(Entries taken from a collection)
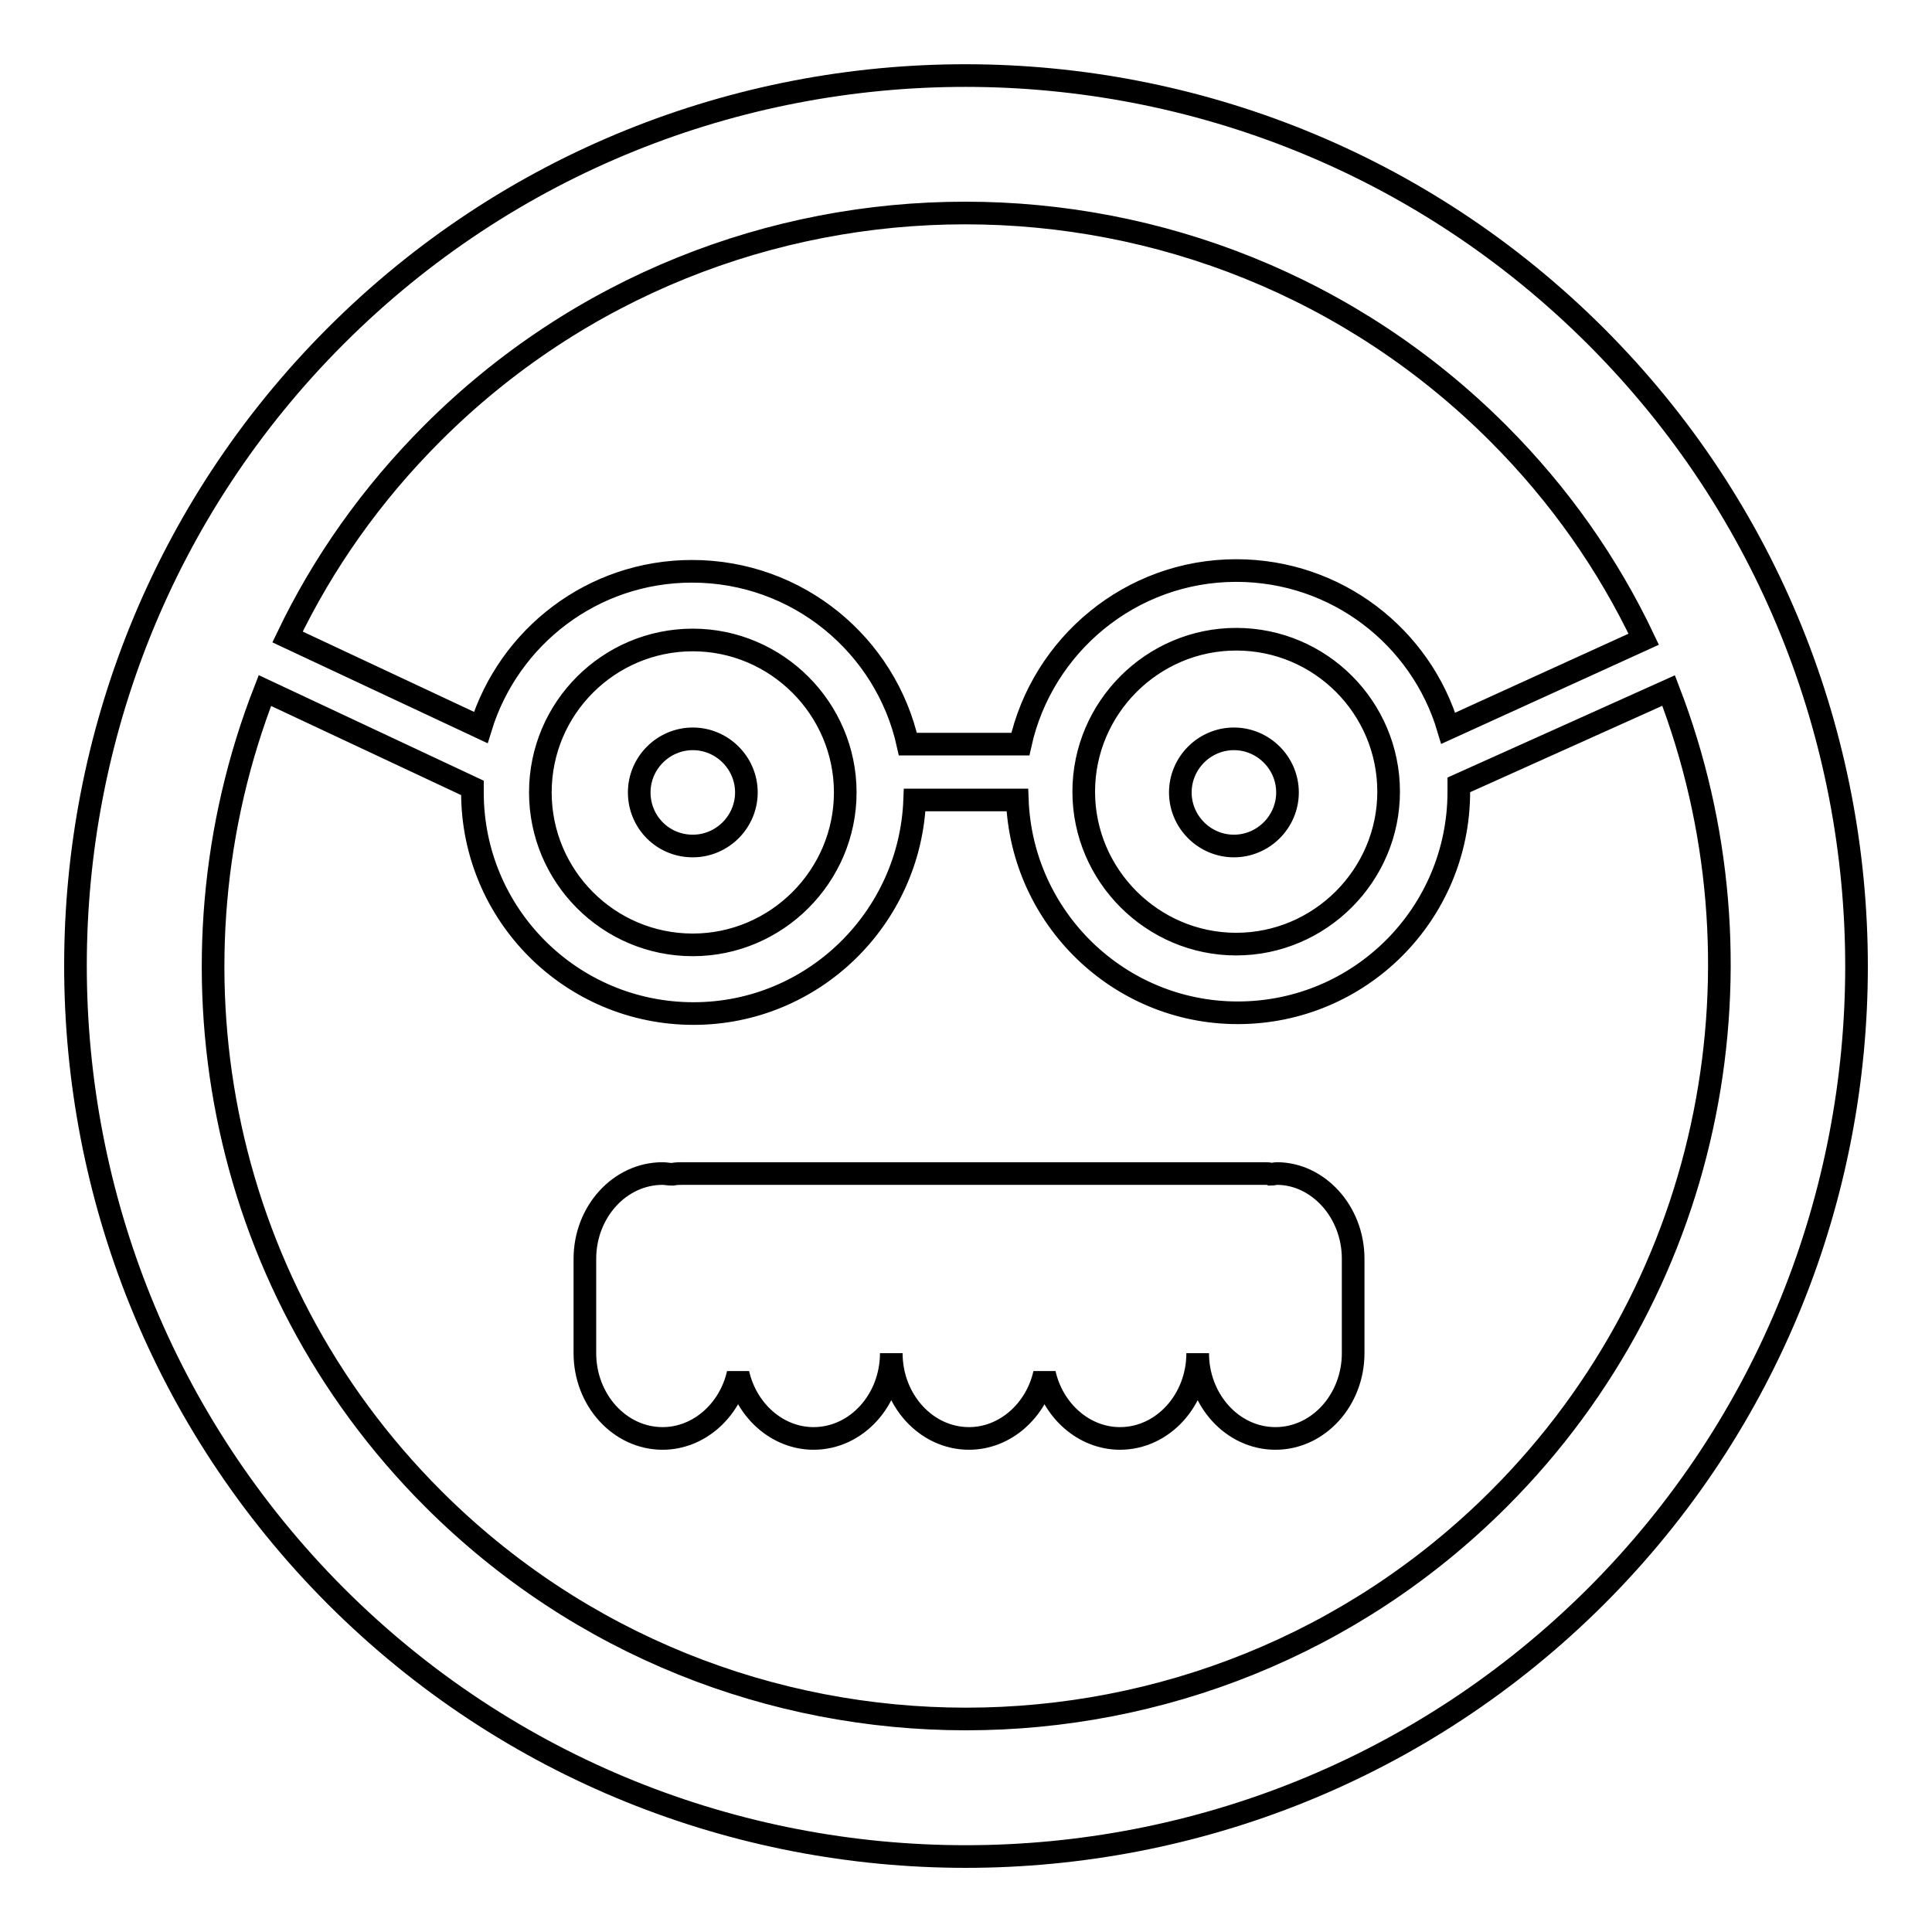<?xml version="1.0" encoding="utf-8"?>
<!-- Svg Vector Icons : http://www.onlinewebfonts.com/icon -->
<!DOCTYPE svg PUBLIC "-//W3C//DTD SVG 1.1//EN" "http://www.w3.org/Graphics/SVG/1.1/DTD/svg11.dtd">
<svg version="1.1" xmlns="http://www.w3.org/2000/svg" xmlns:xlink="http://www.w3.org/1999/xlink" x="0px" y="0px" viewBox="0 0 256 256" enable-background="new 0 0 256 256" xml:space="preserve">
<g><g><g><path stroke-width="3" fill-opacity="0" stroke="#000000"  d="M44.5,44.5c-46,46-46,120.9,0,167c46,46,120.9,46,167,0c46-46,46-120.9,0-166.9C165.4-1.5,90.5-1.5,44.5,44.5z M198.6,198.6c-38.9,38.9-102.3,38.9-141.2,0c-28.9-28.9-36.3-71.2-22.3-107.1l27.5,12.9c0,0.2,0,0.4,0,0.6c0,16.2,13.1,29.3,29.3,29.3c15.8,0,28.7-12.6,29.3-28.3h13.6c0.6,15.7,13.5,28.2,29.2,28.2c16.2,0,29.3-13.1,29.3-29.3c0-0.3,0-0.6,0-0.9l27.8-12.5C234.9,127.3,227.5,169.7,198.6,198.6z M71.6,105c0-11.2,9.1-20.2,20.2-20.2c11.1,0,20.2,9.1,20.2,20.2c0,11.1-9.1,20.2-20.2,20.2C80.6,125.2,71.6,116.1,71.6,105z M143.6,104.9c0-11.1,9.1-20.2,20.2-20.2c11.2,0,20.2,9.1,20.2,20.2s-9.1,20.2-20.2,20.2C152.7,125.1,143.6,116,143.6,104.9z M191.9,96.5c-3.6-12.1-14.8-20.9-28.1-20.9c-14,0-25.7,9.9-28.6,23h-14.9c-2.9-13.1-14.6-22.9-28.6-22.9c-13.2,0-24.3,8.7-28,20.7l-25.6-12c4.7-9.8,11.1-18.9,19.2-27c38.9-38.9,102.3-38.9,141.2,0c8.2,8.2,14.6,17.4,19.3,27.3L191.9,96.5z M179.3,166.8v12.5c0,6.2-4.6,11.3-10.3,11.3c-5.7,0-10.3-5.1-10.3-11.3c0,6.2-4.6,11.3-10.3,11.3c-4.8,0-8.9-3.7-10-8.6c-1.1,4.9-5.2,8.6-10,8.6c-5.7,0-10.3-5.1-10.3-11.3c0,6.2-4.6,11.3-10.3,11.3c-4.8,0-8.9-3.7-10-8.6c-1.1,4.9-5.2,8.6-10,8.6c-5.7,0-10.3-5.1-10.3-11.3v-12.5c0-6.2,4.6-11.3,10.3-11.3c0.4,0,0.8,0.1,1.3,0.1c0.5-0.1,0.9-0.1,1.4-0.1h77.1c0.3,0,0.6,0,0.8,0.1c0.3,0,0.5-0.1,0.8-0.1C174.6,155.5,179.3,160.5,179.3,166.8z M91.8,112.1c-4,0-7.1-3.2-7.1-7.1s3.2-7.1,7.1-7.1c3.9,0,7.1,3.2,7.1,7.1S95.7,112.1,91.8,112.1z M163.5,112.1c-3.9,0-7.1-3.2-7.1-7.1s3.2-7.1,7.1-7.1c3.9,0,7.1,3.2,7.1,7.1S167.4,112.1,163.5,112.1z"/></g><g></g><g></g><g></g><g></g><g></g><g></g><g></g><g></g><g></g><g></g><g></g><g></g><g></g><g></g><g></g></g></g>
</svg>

WHAT IS EXPECTED ->
Exactly reproduce each record, leaving out any pictures.

RESPONSE BOX ->
<?xml version="1.0" encoding="utf-8"?>
<!-- Svg Vector Icons : http://www.onlinewebfonts.com/icon -->
<!DOCTYPE svg PUBLIC "-//W3C//DTD SVG 1.1//EN" "http://www.w3.org/Graphics/SVG/1.1/DTD/svg11.dtd">
<svg version="1.1" xmlns="http://www.w3.org/2000/svg" xmlns:xlink="http://www.w3.org/1999/xlink" x="0px" y="0px" viewBox="0 0 256 256" enable-background="new 0 0 256 256" xml:space="preserve">
<g><g><g><path stroke-width="3" fill-opacity="0" stroke="#000000"  d="M44.5,44.5c-46,46-46,120.9,0,167c46,46,120.9,46,167,0c46-46,46-120.9,0-166.9C165.4-1.5,90.5-1.5,44.5,44.5z M198.6,198.6c-38.9,38.9-102.3,38.9-141.2,0c-28.9-28.9-36.3-71.2-22.3-107.1l27.5,12.9c0,0.2,0,0.4,0,0.6c0,16.2,13.1,29.3,29.3,29.3c15.8,0,28.7-12.6,29.3-28.3h13.6c0.6,15.7,13.5,28.2,29.2,28.2c16.2,0,29.3-13.1,29.3-29.3c0-0.3,0-0.6,0-0.9l27.8-12.5C234.9,127.3,227.5,169.7,198.6,198.6z M71.6,105c0-11.2,9.1-20.2,20.2-20.2c11.1,0,20.2,9.1,20.2,20.2c0,11.1-9.1,20.2-20.2,20.2C80.6,125.2,71.6,116.1,71.6,105z M143.6,104.9c0-11.1,9.1-20.2,20.2-20.2c11.2,0,20.2,9.1,20.2,20.2s-9.1,20.2-20.2,20.2C152.7,125.1,143.6,116,143.6,104.9z M191.9,96.5c-3.6-12.1-14.8-20.9-28.1-20.9c-14,0-25.7,9.9-28.6,23h-14.9c-2.9-13.1-14.6-22.9-28.6-22.9c-13.2,0-24.3,8.7-28,20.7l-25.6-12c4.7-9.8,11.1-18.9,19.2-27c38.9-38.9,102.3-38.9,141.2,0c8.2,8.2,14.6,17.4,19.3,27.3L191.9,96.5z M179.3,166.8v12.5c0,6.2-4.6,11.3-10.3,11.3c-5.7,0-10.3-5.1-10.3-11.3c0,6.2-4.6,11.3-10.3,11.3c-4.8,0-8.9-3.7-10-8.6c-1.1,4.9-5.2,8.6-10,8.6c-5.7,0-10.3-5.1-10.3-11.3c0,6.2-4.6,11.3-10.3,11.3c-4.8,0-8.9-3.7-10-8.6c-1.1,4.9-5.2,8.6-10,8.6c-5.7,0-10.3-5.1-10.3-11.3v-12.5c0-6.2,4.6-11.3,10.3-11.3c0.4,0,0.8,0.1,1.3,0.1c0.5-0.1,0.9-0.1,1.4-0.1h77.1c0.3,0,0.6,0,0.8,0.1c0.3,0,0.5-0.1,0.8-0.1C174.6,155.5,179.3,160.5,179.3,166.8z M91.8,112.1c-4,0-7.1-3.2-7.1-7.1s3.2-7.1,7.1-7.1c3.9,0,7.1,3.2,7.1,7.1S95.7,112.1,91.8,112.1z M163.5,112.1c-3.9,0-7.1-3.2-7.1-7.1s3.2-7.1,7.1-7.1c3.9,0,7.1,3.2,7.1,7.1S167.4,112.1,163.5,112.1z"/></g><g></g><g></g><g></g><g></g><g></g><g></g><g></g><g></g><g></g><g></g><g></g><g></g><g></g><g></g><g></g></g></g>
</svg>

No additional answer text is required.